The Goodrich Company filed the original patent for cyanoacrylate in 1942. A group of scientists including Harry Coover Jr. discovered the formulation largely by accident whilst researching clear plastics to make gun-sights. It wasn’t until 1951, whilst working for Eastman Kodak on jet airplane’s cockpit construction, that Coover and his colleague, Fred Joyner, saw the commercial application for an adhesive that stuck to literally everything. A Patent for the new adhesive was applied for on 2nd June 1954 which was granted on 23rd October 1956. The product was first sold in 1958 as “Eastman #910”.
During the 1960s, Eastman Kodak sold cyanoacrylate to Loctite who repackaged it and marketed it as “Loctite Quick Set 404”. In time Loctite developed their own manufacturing capability and acquired market share very rapidly such that by the late 1970’s Loctite and Eastman Kodak (in a new guise as “Permabond”) together controlled around 75% of the US industrial cyanoacrylate market.

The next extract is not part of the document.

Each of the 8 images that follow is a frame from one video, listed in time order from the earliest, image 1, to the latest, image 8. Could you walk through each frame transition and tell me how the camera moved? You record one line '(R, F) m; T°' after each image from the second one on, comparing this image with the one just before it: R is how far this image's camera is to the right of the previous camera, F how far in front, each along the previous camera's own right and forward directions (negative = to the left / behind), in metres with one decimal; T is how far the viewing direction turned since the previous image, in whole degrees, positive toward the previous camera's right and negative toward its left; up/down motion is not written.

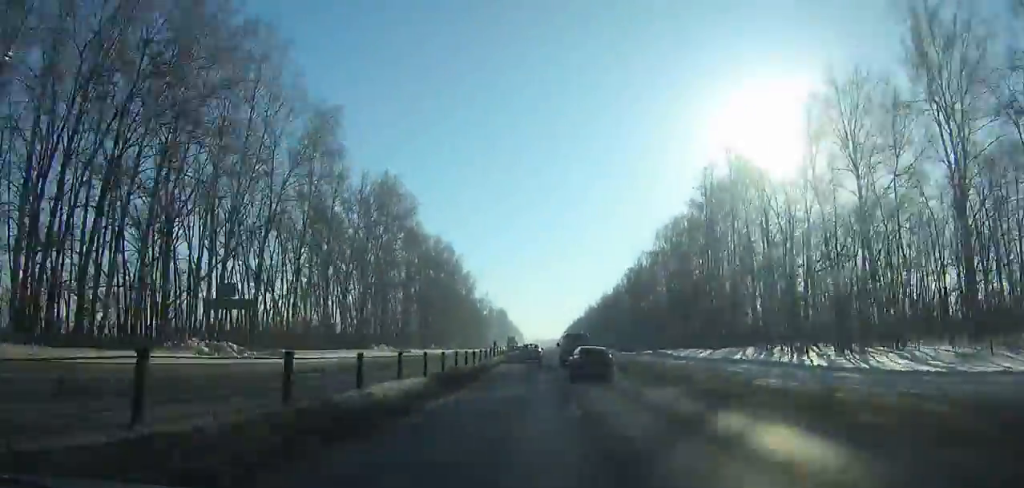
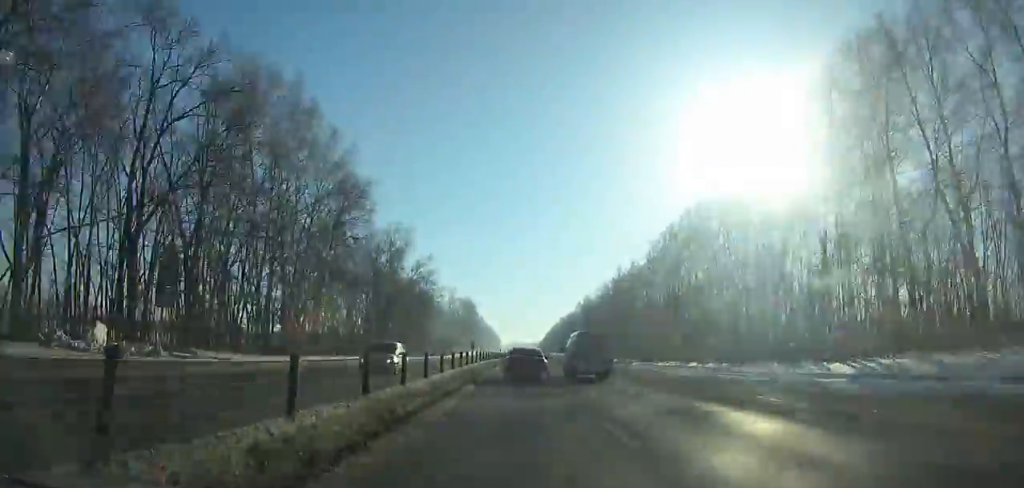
(+1.3, +87.0) m; +1°
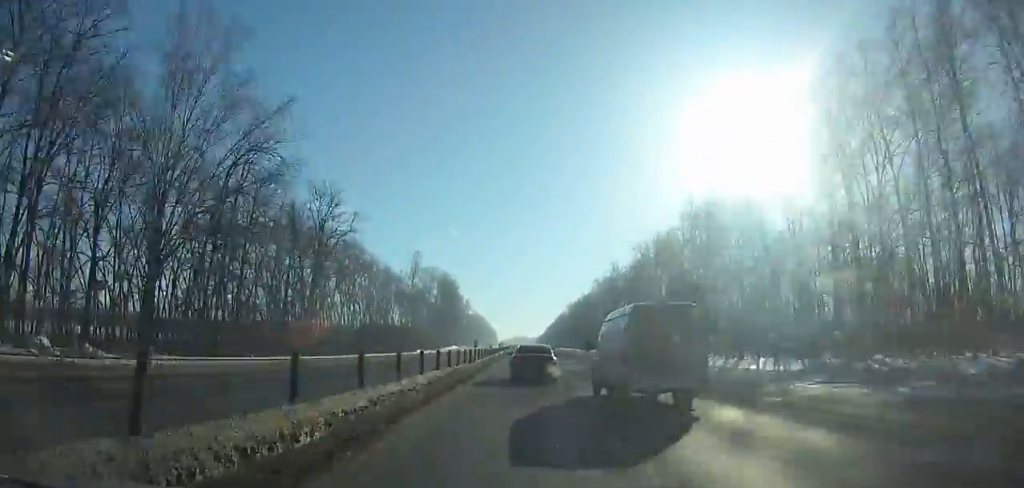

The addition of rubber to the cyanoacrylate makes Superglues flexible and by adding bi-carbonate of soda it is given the properties of a very effective filler.
So what are the tried and trusted techniques to unseal glued fingers?
Solution 1 – Soak the skin in warm soapy water to soften the glue. With an acetone-based nail polish remover the cyanoacrylate will soften. Use an emery board to remove the residue of glue or let it peel off.
Solution 2 – Dip the affected fingers in sugar or salt paste – just add water!
Solution 3 – Pour olive oil or spread margarine over the affected area and gently rub together.
Solution 4 – Rub petroleum jelly or liquid detergent diluted with a small amount of water into the stuck skin.
If the glue affects the eyes try none of the above and great straight to A&E/ER!